WHAT THE TASK ASKS:
I'd like the entries repeated exactly, pictures omitted.

*** Begin section ***

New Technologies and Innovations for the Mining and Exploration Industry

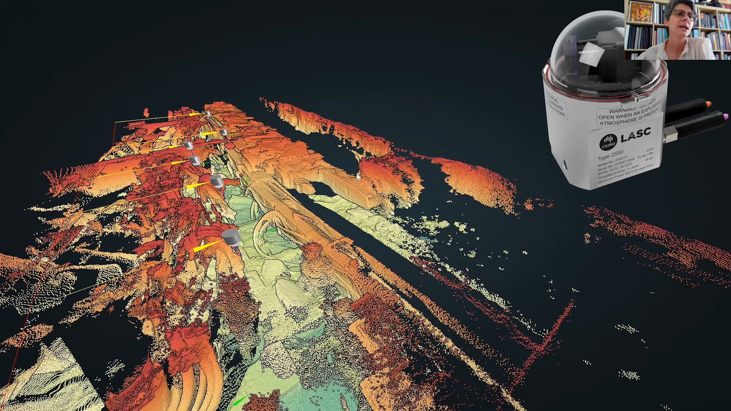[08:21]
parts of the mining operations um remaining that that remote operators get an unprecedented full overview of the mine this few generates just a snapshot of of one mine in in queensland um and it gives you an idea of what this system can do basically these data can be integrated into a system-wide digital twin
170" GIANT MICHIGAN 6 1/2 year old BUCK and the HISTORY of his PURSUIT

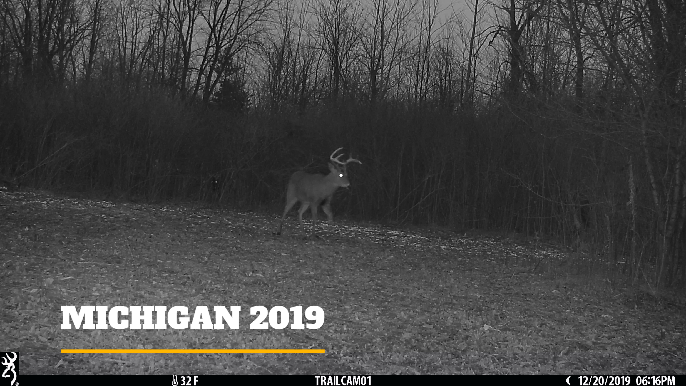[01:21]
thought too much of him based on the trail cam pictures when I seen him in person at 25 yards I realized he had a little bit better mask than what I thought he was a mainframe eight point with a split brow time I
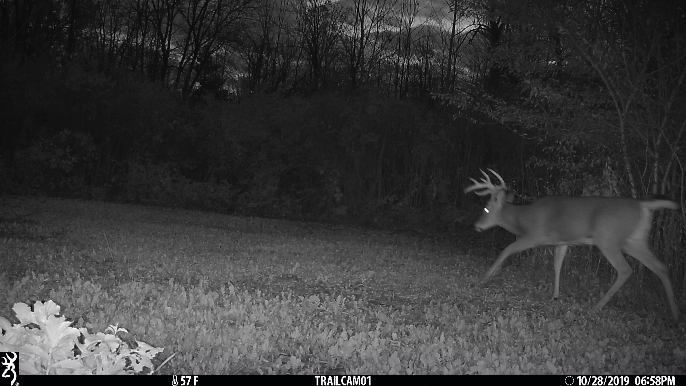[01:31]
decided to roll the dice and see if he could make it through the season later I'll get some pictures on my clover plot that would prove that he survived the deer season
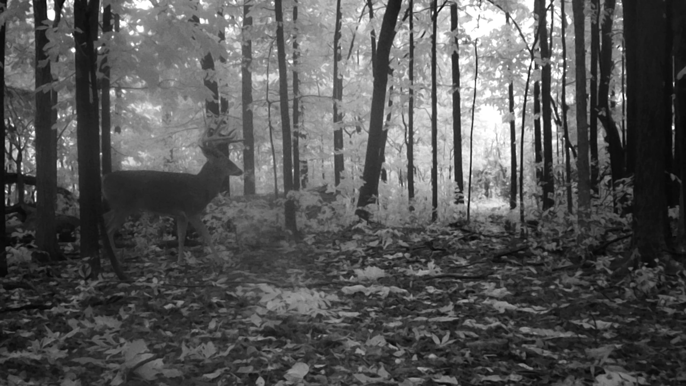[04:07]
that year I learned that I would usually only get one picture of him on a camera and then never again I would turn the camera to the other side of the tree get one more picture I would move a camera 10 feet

*** End section ***

EXERCISE SOLUTION:
New Technologies and Innovations for the Mining and Exploration Industry

[08:21]
parts of the mining operations um remaining that that remote operators get an unprecedented full overview of the mine this few generates just a snapshot of of one mine in in queensland um and it gives you an idea of what this system can do basically these data can be integrated into a system-wide digital twin
170" GIANT MICHIGAN 6 1/2 year old BUCK and the HISTORY of his PURSUIT

[01:21]
thought too much of him based on the trail cam pictures when I seen him in person at 25 yards I realized he had a little bit better mask than what I thought he was a mainframe eight point with a split brow time I
[01:31]
decided to roll the dice and see if he could make it through the season later I'll get some pictures on my clover plot that would prove that he survived the deer season
[04:07]
that year I learned that I would usually only get one picture of him on a camera and then never again I would turn the camera to the other side of the tree get one more picture I would move a camera 10 feet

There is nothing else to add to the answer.